22.1. Frente a la pretensión a), la Sala concuerda con el a quo en que si bien es cierto se encuentra acreditado la propiedad del inmueble (escritura pública y el respectivo folio de matrícula inmobiliario, supra párrafo 10.2) y que tal bien fue destruido debido al enfrentamiento armado del 19 de mayo de 1999 (prueba testimonial y certificado del personero municipal, supra párrafos 10.4 y 10.5), el dictamen pericial (párrafos 10.6) no da cuenta del valor del inmueble que se pretende indemnizar, ya que parte de unas especificaciones técnicas y situación del bien que no son acordes con el estado del inmueble al momento de los hechos.

22.2. Al respecto, es importante el concepto del Ministerio Público quien estimó que los peritos debieron tener en cuenta que se trataba de una casa vieja construida en ladrillo y tierra prensada, de estimar la suma de $ 124.564.000 para la construcción de una vivienda nueva.

22.3. Por lo tanto, frente a esta pretensión se condenará en abstracto conforme a los criterios señalados más adelante.

22.4. Como las pretensiones b) y d) fueron negadas por el a quo, en virtud del principio de no reformatio in pejus no hay lugar a pronunciarse al respecto.

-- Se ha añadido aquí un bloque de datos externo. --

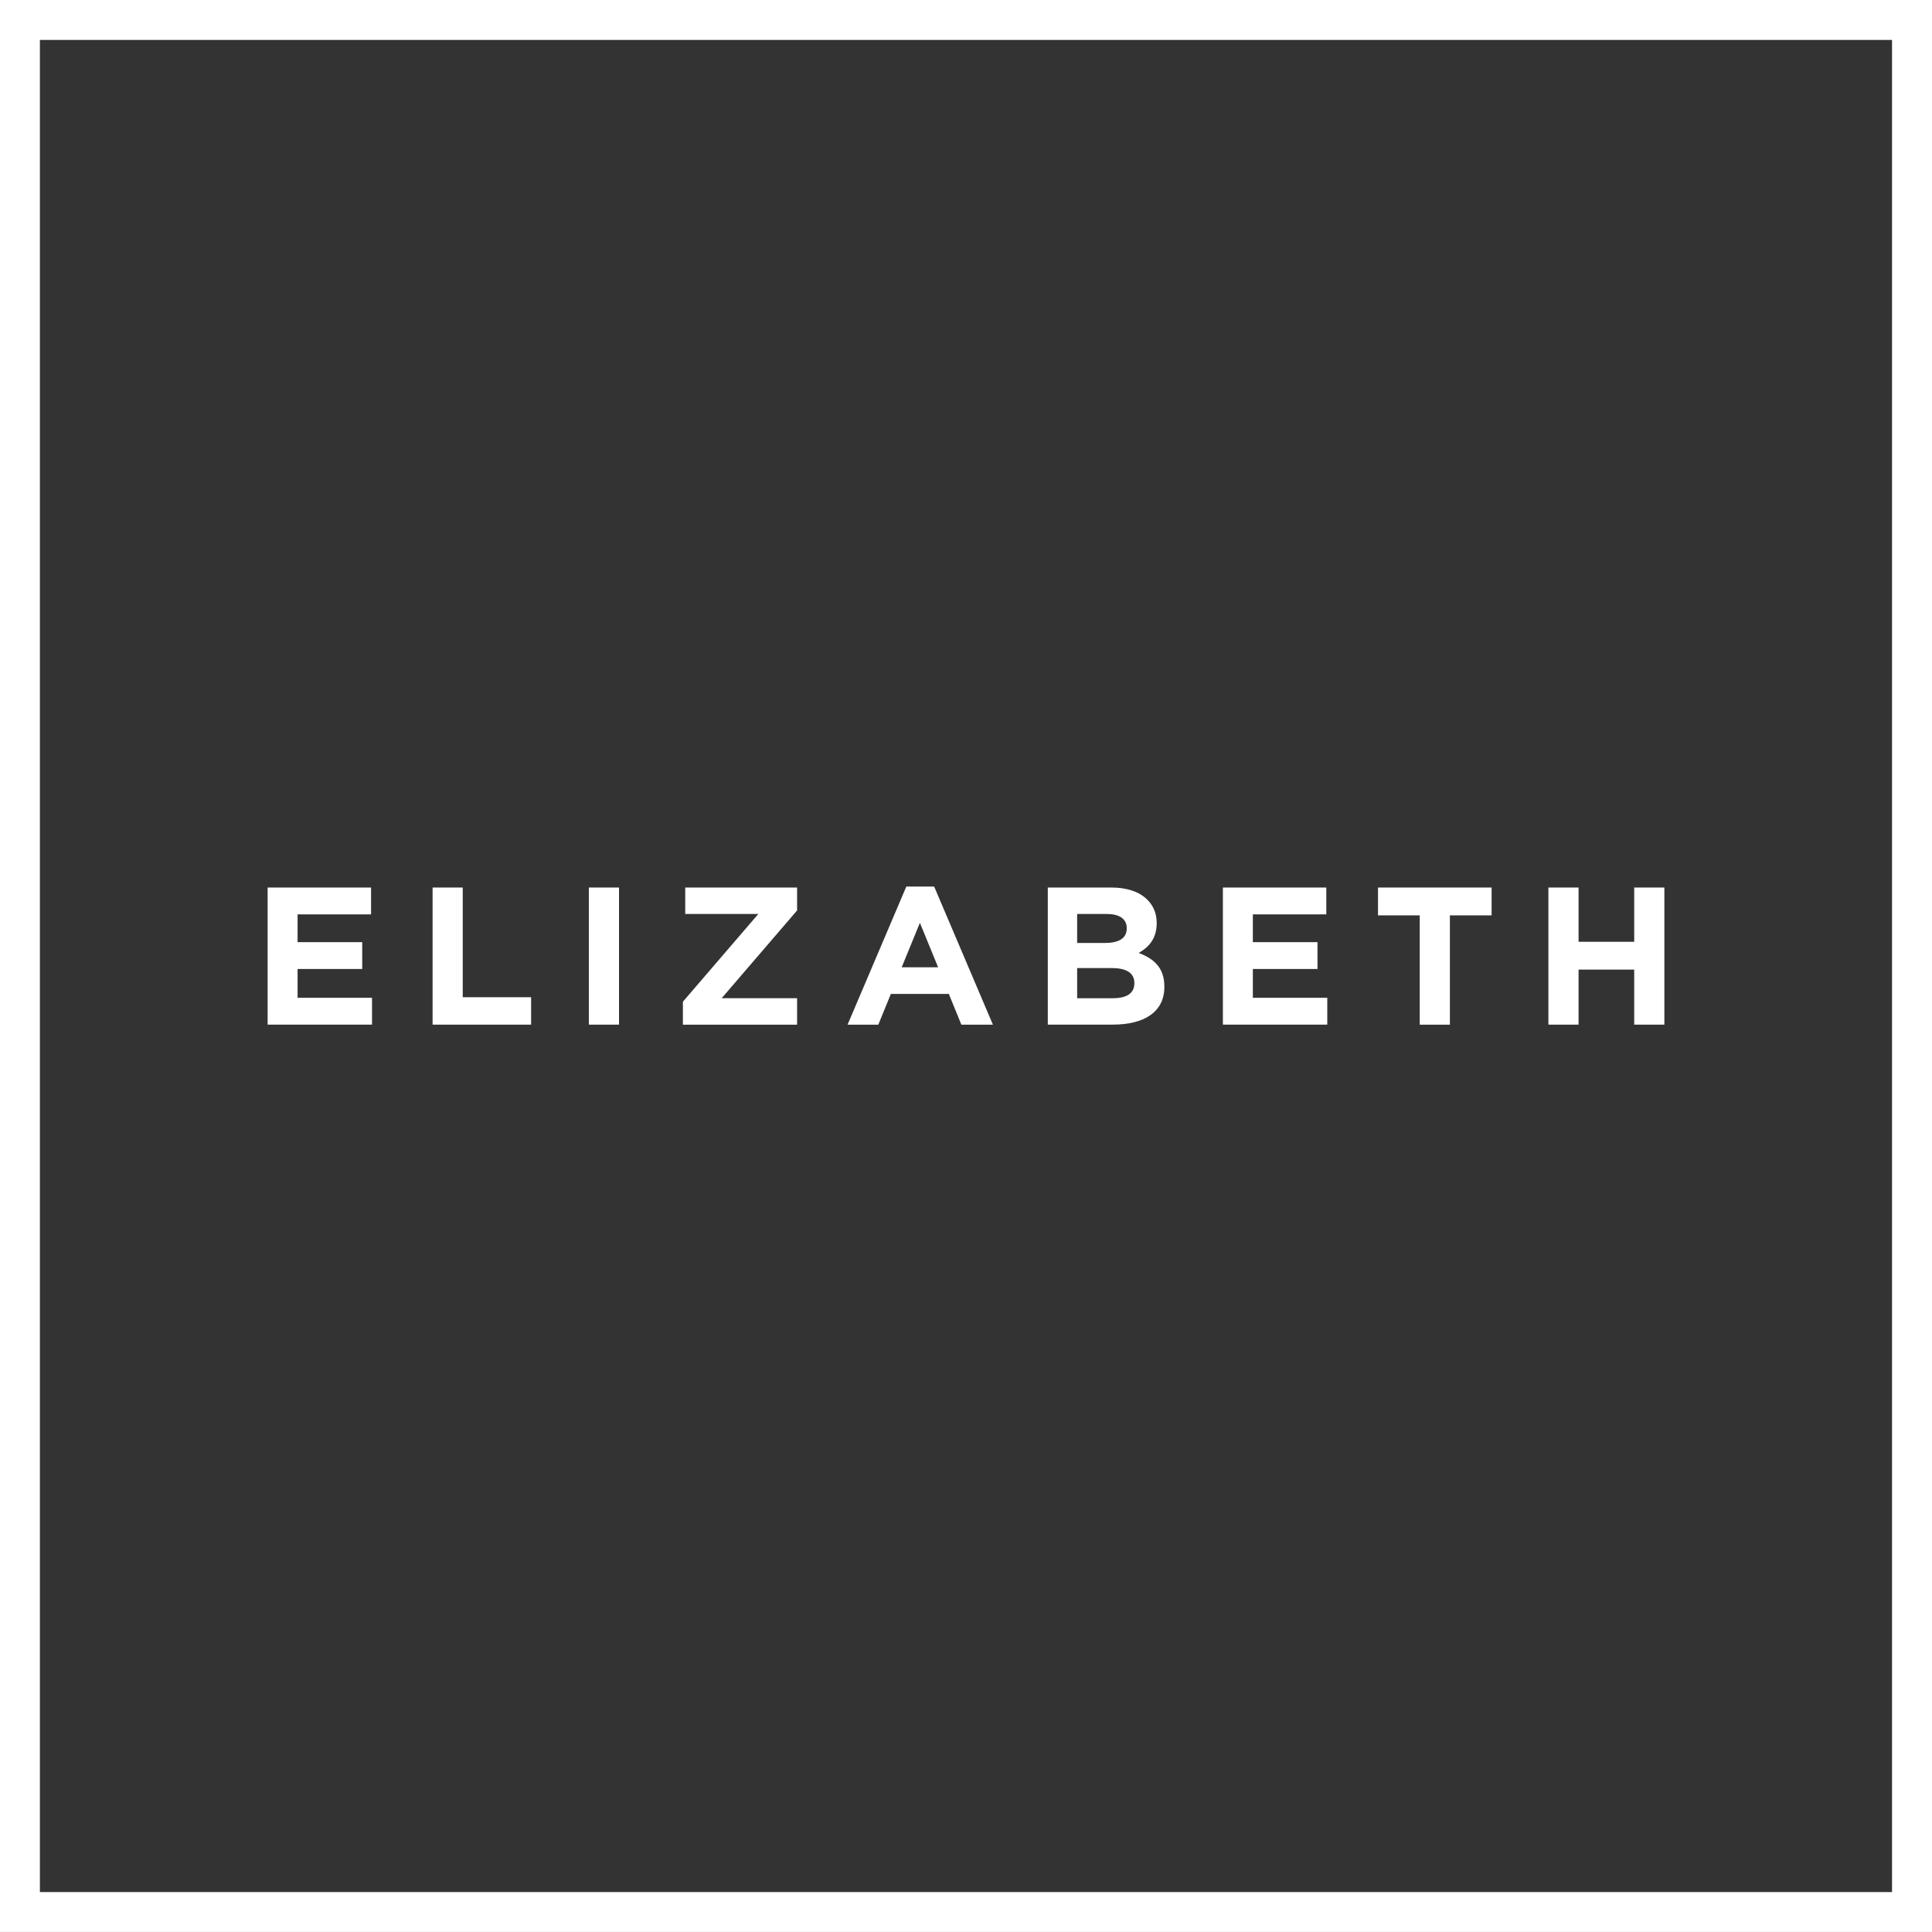 <?xml version="1.0" encoding="UTF-8"?><svg id="Layer_2" xmlns="http://www.w3.org/2000/svg" viewBox="0 0 562.23 562.22"><rect x="0" y="0" width="562.23" height="562.22" fill="#333333" stroke="none"/><defs><style>.cls-1{fill:#fff;}</style></defs><g id="Layer_1-2"><path class="cls-1" d="m77.88,258.28h30.1v7.81h-21.38v8.09h18.81v7.81h-18.81v8.38h21.66v7.81h-30.38v-39.9Z"/><path class="cls-1" d="m125.88,258.28h8.78v31.92h19.9v7.98h-28.67v-39.9Z"/><path class="cls-1" d="m171.36,258.28h8.78v39.9h-8.78v-39.9Z"/><path class="cls-1" d="m198.72,291.52l21.95-25.54h-21.26v-7.7h32.55v6.67l-21.95,25.54h21.95v7.7h-33.23v-6.67Z"/><path class="cls-1" d="m263.76,258h8.09l17.1,40.19h-9.18l-3.65-8.95h-16.87l-3.65,8.95h-8.95l17.1-40.19Zm9.24,23.49l-5.3-12.94-5.3,12.94h10.6Z"/><path class="cls-1" d="m304.91,258.28h18.53c4.56,0,8.15,1.25,10.43,3.53,1.82,1.82,2.74,4.05,2.74,6.78v.11c0,4.5-2.39,7.01-5.24,8.61,4.62,1.77,7.47,4.45,7.47,9.8v.11c0,7.3-5.93,10.95-14.94,10.95h-18.98v-39.9Zm16.65,16.13c3.88,0,6.33-1.25,6.33-4.22v-.11c0-2.62-2.05-4.1-5.76-4.1h-8.67v8.44h8.09Zm2.34,16.08c3.88,0,6.21-1.37,6.21-4.33v-.11c0-2.68-2-4.33-6.5-4.33h-10.15v8.78h10.43Z"/><path class="cls-1" d="m355.87,258.28h30.1v7.81h-21.38v8.09h18.81v7.81h-18.81v8.38h21.66v7.81h-30.38v-39.9Z"/><path class="cls-1" d="m413.15,266.38h-12.14v-8.1h33.06v8.1h-12.14v31.81h-8.78v-31.81Z"/><path class="cls-1" d="m450.6,258.28h8.78v15.79h16.19v-15.79h8.78v39.9h-8.78v-16.02h-16.19v16.02h-8.78v-39.9Z"/><path id="FRAME" class="cls-1" d="m562.22,0H0v562.22h562.23V0h0Zm-11.61,550.61H11.61V11.62h538.99v538.99Z"/></g></svg>
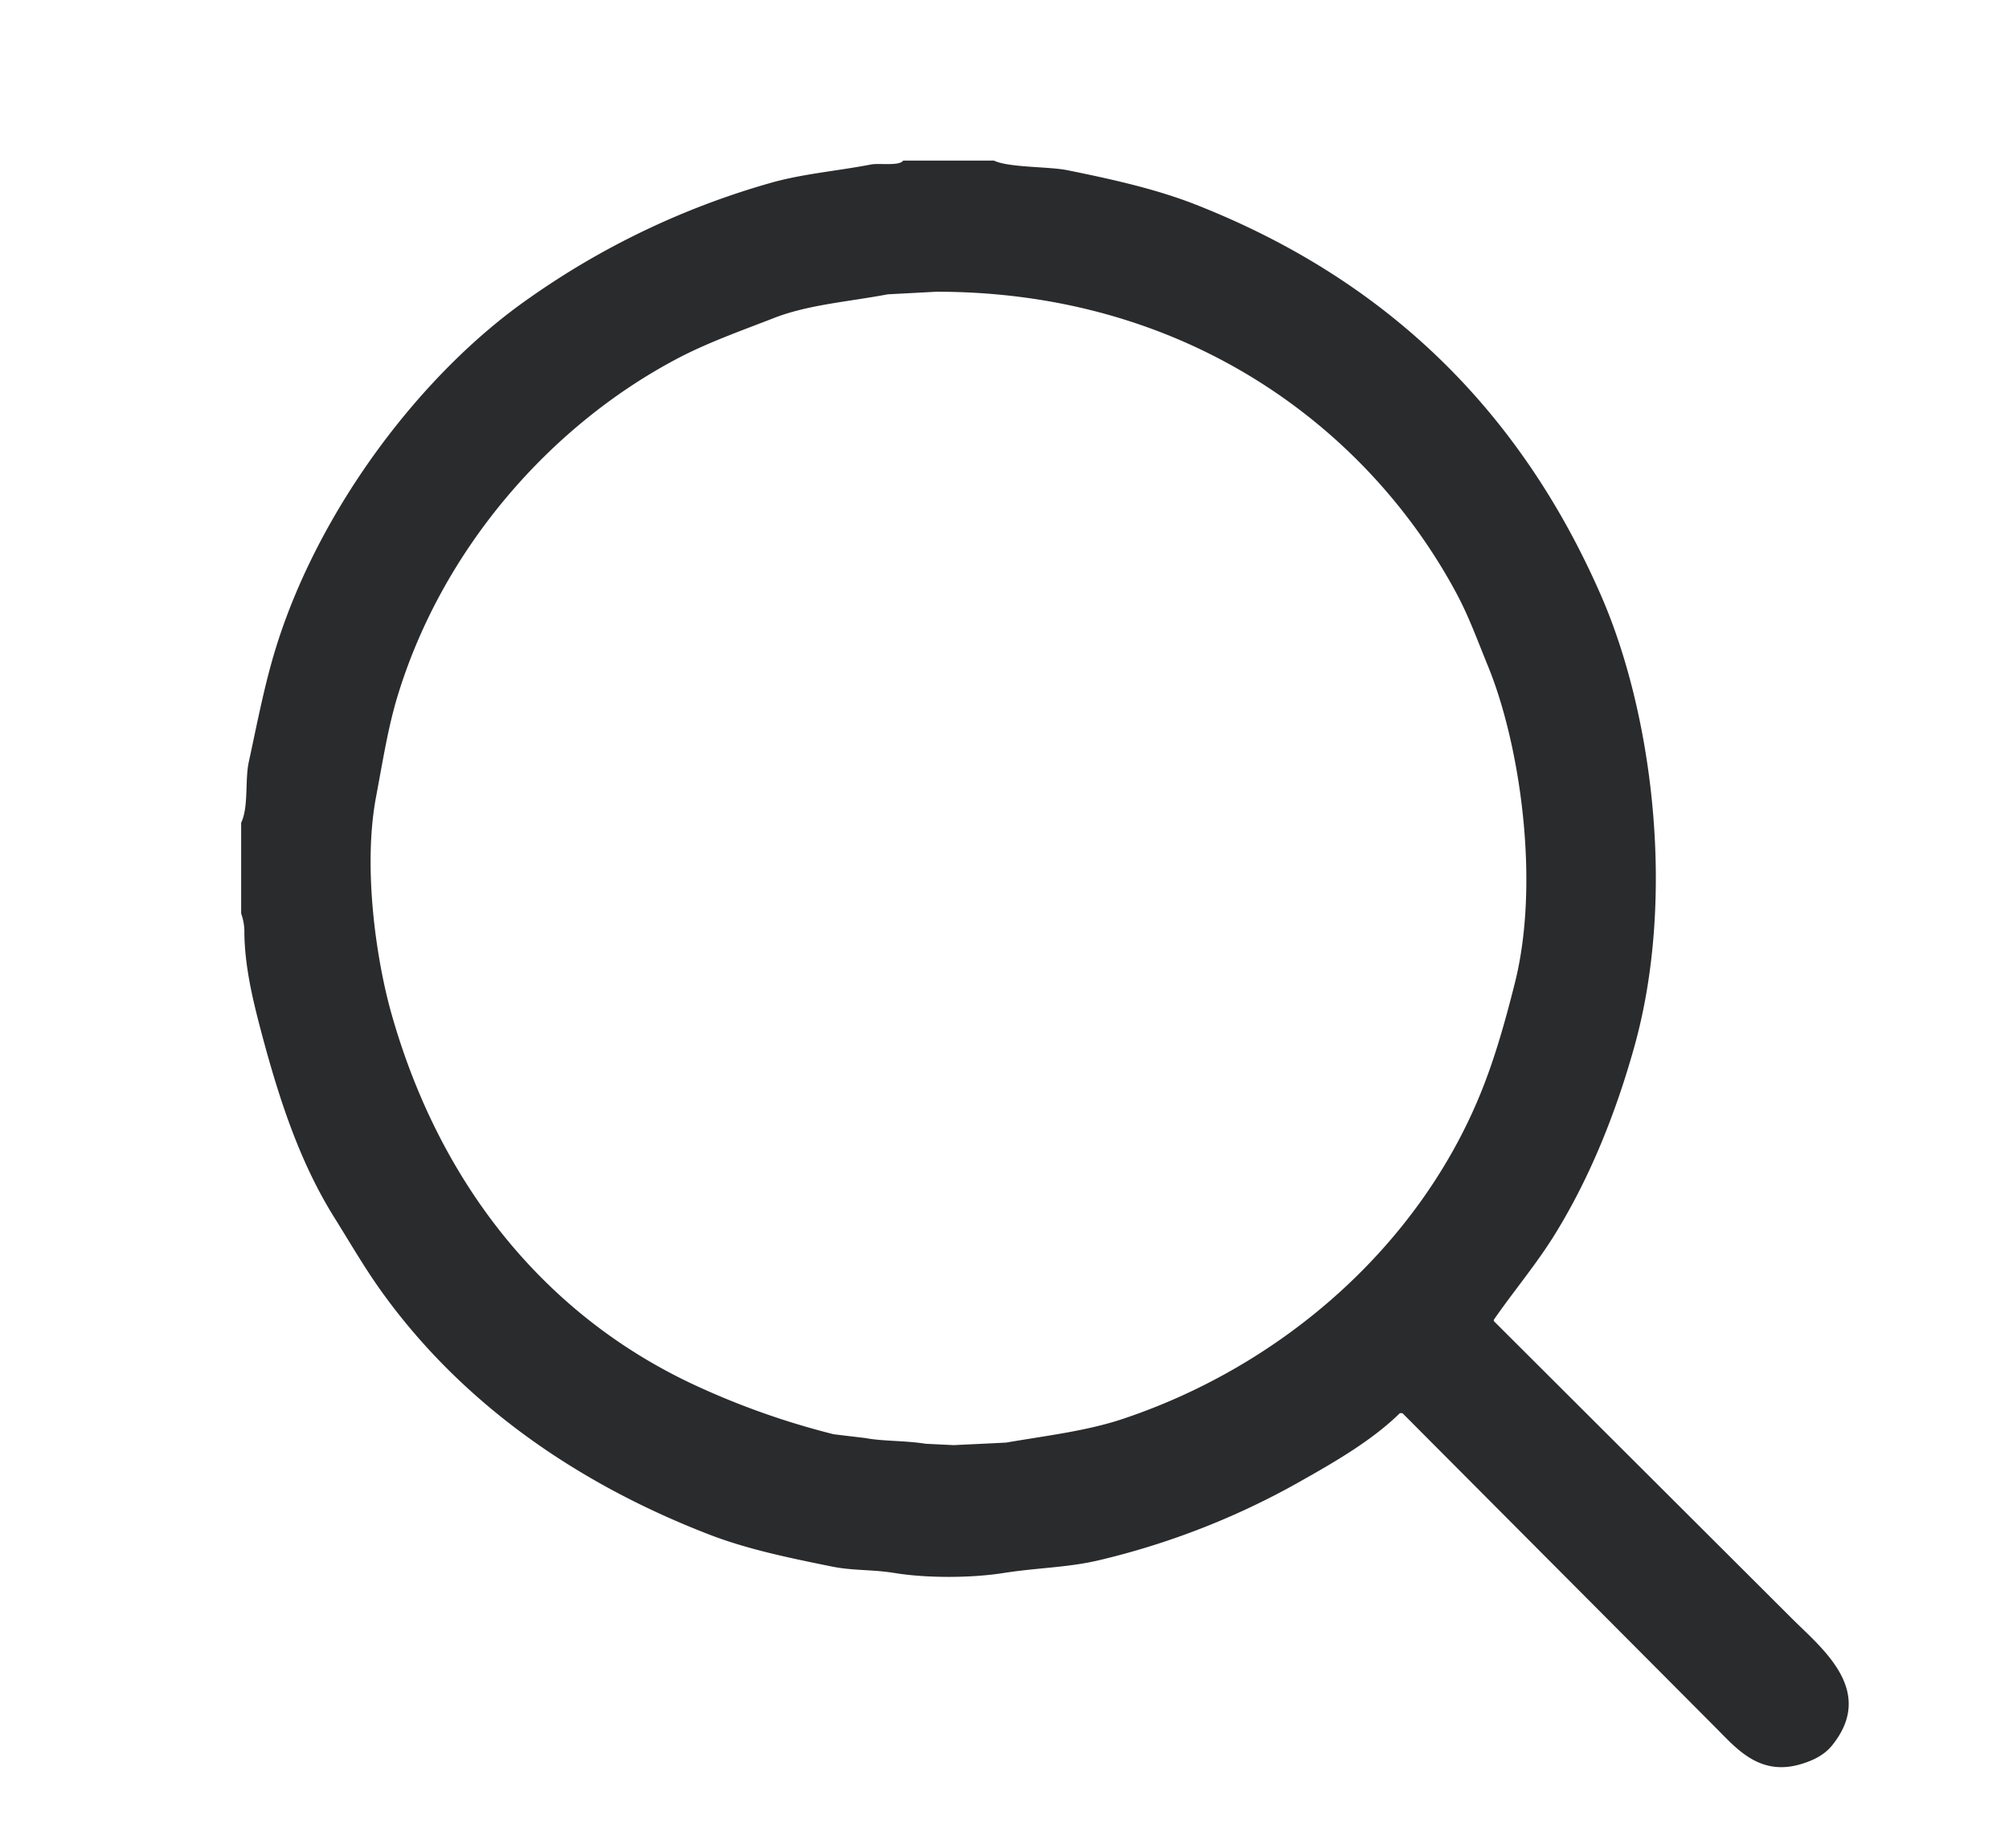 <svg xmlns="http://www.w3.org/2000/svg" xml:space="preserve" width="25" height="23"><path fill="#2A2B2D" fill-rule="evenodd" d="m22.299 20.144-3.71-3.702v-.016c.25-.362.538-.7.772-1.083.418-.681.742-1.472.979-2.324.517-1.86.226-4.146-.423-5.622-1.006-2.294-2.665-3.916-5.031-4.848-.492-.194-1.037-.316-1.6-.43-.235-.048-.729-.031-.917-.12h-1.13c-.047.07-.301.029-.398.048-.432.083-.857.116-1.257.231a9.904 9.904 0 0 0-3.009 1.44c-1.336.934-2.612 2.624-3.145 4.355-.138.449-.227.916-.334 1.41-.05.229 0 .556-.095.757v1.13a.677.677 0 0 1 .04.246c.005.404.102.813.191 1.155.236.902.497 1.694.932 2.388.194.311.366.609.573.9.979 1.371 2.396 2.387 4.092 3.041.471.182.994.29 1.529.398.258.052.494.034.772.079.402.066.958.064 1.361 0 .43-.067.801-.067 1.187-.159a9.553 9.553 0 0 0 2.556-1.011c.416-.235.855-.494 1.186-.819h.032l3.901 3.917c.246.245.535.604 1.051.453.168-.049.303-.12.398-.239.543-.68-.132-1.204-.503-1.575zm-8.328-2.484c-.45.15-.937.206-1.449.294-.218.012-.435.021-.653.032l-.35-.017c-.266-.042-.524-.029-.749-.071-.133-.016-.266-.031-.398-.048a9.71 9.71 0 0 1-1.728-.612c-1.859-.865-3.172-2.493-3.774-4.626-.193-.686-.354-1.824-.191-2.691.084-.443.148-.864.271-1.266.56-1.833 1.903-3.359 3.471-4.188.379-.201.794-.347 1.21-.509.428-.167.926-.202 1.417-.295l.605-.032c3.137-.002 5.372 1.713 6.465 3.742.16.297.264.588.398.916.395.962.654 2.682.334 3.949-.119.474-.249.935-.422 1.361-.767 1.894-2.453 3.392-4.457 4.061z" clip-rule="evenodd"/></svg>

22.5. Respecto a la pretensión c) relativa al lucro cesante por concepto del arrendamiento de tres apartamentos que hacían parte del inmueble, en el expediente obran los contratos de arrendamiento suscritos por el demandante con Carlos A. Velasco, Adriana Cecilia Arango y Yira Paola Torres (fls. 22, 23 y 24, cdno. ppal.) por un valor mensual de $ 150.000, $ 140.000 y $ 100.000, respectivamente (para un total de $ 390.000) y cuyo plazo era de doce meses a partir del 1º de febrero de 1999 hasta el 1º de febrero de 2000. Con fundamento en estas pruebas se procederá a liquidar la respectiva indemnización.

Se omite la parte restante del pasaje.